A total of 14,039 cases of histological grades III-IV CRC were downloaded from the SEER database and randomly divided into two groups for model construction and validation. LODDS was identified in the logistic and Cox regression analyses. Meanwhile, LNR and the AJCC N staging system did not show a significant association with patient OS. Finally, a nomogram was created to visualize the results. This nomogram was built on the basis of LODDS, and it showed well prediction efficiency. This result is consistent with previous discussions.

This study has limitations. First, the cutoff value of LODDS was decided on the basis of its tertiles, as in the research conducted by Lee et al. [25]. Therefore, an optimal cutoff value should be further explored through follow-up studies to improve the reliability of this predictive model. Second, all cases involved in this study were downloaded from the SEER database.

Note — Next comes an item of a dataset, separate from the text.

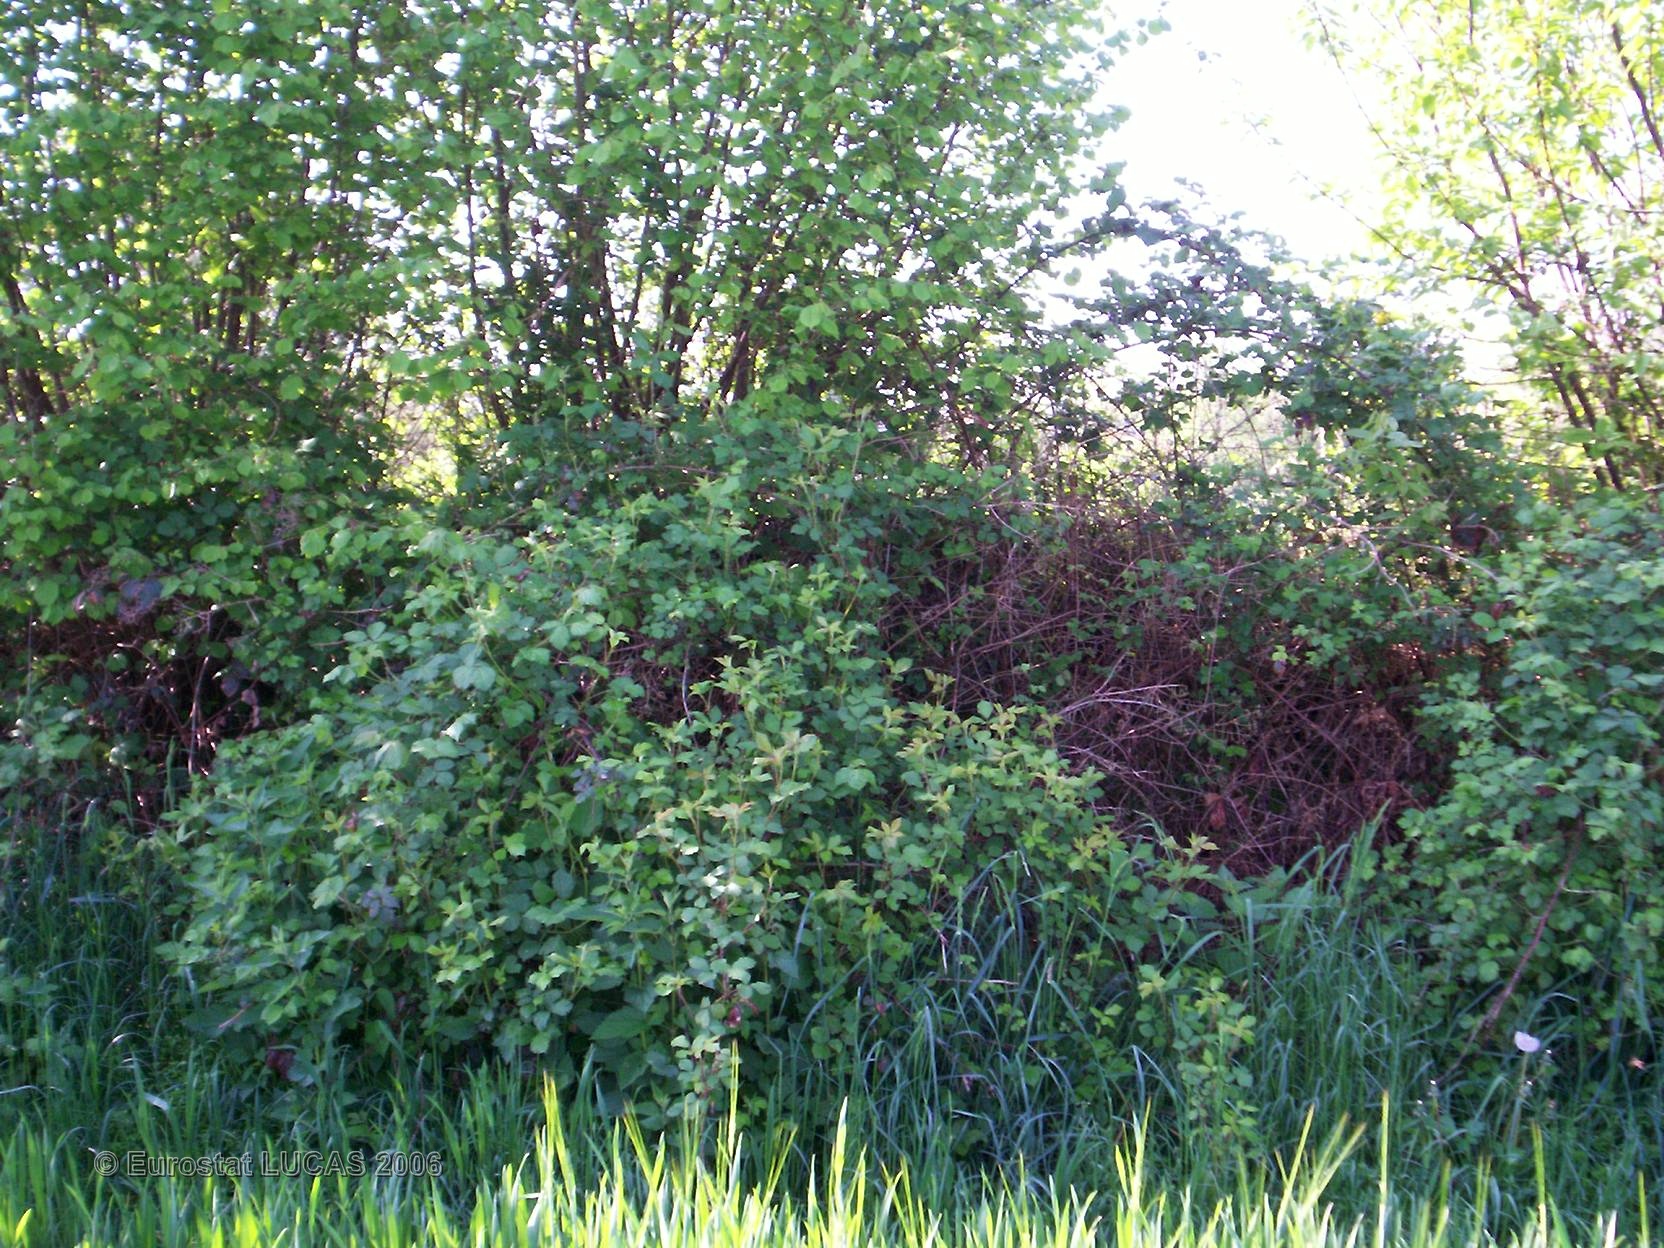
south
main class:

Cases from additional sources must be verified to improve the accuracy of the model.

5. Conclusion

LODDS was found to be a valuable predictive factor, and it showed better predictive ability for the OS of patients with histological grades III-IV CRC than LNR. Race, AJCC T stage, AJCC M stage, LODDS,histological type, bone metastasis, and liver metastasis were selected as isolated factors to construct a nomogram. The nomogram performed well in both groups. All variables involved in the nomogram were easily obtained in the clinical diagnosis and treatment of patients with CRC. The nomogram could provide a certain reference for doctors to assess the outcome of patients with histological grades III-IV CRC and choose subsequent treatment.

Data Availability

The primary data used to support the findings of this study are available from the corresponding author upon request.

Conflicts of Interest

The authors declare that there are no conflicts of interest.

Acknowledgments

This research was supported by the Huadong Medicine Joint Funds of the Zhejiang Provincial Natural Science Foundation of China under (Grant no. LHDMY22H160002) and Wenzhou Municipal Science and Technology Bureau (Grant no. Y20180085).